“Hardcore Henry” is the closest thing I’ve ever seen to a video game come to life. That is both its greatest strength and weakness. It’s a nonstop action, shoot ‘em up, parkour, superpowered extravaganza on Hulk steroids…It’s basically the Mountain Dew of movies.
What little plot there is can be easily broken down into bullet points.
•You’re watching the world through the eyes of Henry, a dead man reassembled and brought back to life as the ultimate cyborg supersoldier by your scientist wife.
•You’re being hunted by a superpowered albino villain who looks like he was rejected as a Die Hard antagonist.
•The constant chase scenes and shooting of nameless bad guy goons through Russia are broken up by your interactions with the mysterious Jimmy (District 9’s Sharlto Copley) who seems to be immortal as he constantly dies but comes back in a different persona.
•End game: Kill bad guy. Save girl. The End.
From a technical point of view, “Hardcore Henry” is a massive success. The stunt work and special effects that went into making this movie work are nothing short of incredible as the cameraman was more or less a stuntman wearing a GoPro. But unfortunately when it comes to story, its all style with zero substance. In fact this is an adolescent male power fantasy in its purest form. You’re an invincible badass who takes down countless bad guys to save the girl. You have your quirky sidekick who helps you on your journey. And all women are forced to the background or are reduced to sexy sex-things or trophies. (Pretty disappointing when you consider that last year’s Badass of the Year award unequivocally went to Charlize Theron’s Furiosa from Mad Max: Fury Road.)

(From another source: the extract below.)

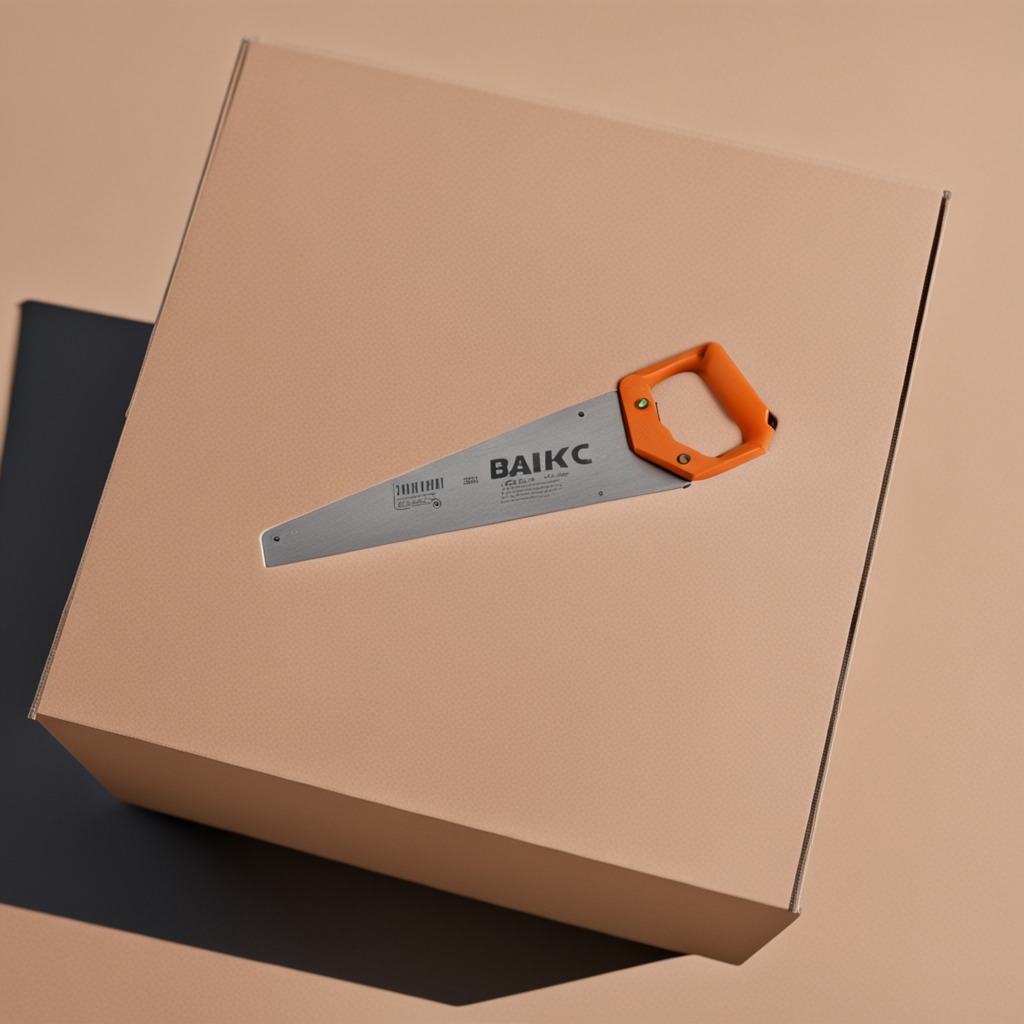
A metal saw lies on a clean dry cardboard box surface in an outdoor workshop during daytime bright natural light soft shadows slightly creased but

While it was a very entertaining if not monumentally flawed action movie, there is just so little to the movie that I can’t ever picture myself craving a second viewing. However, if you do want to experience all the insanity, make sure you see it on a big screen. It is the type of film that almost encourages audience participation as it elicits tons of painful groans and surprising guffaws throughout its run time. Perhaps the only other way to possibly get the best experience of watching this film would be if the filmmakers translated it into a VR experience.
(Also this is neither here nor there but “Hardcore Henry” is pretty much exactly how I imagine it must be like to live in Russia.)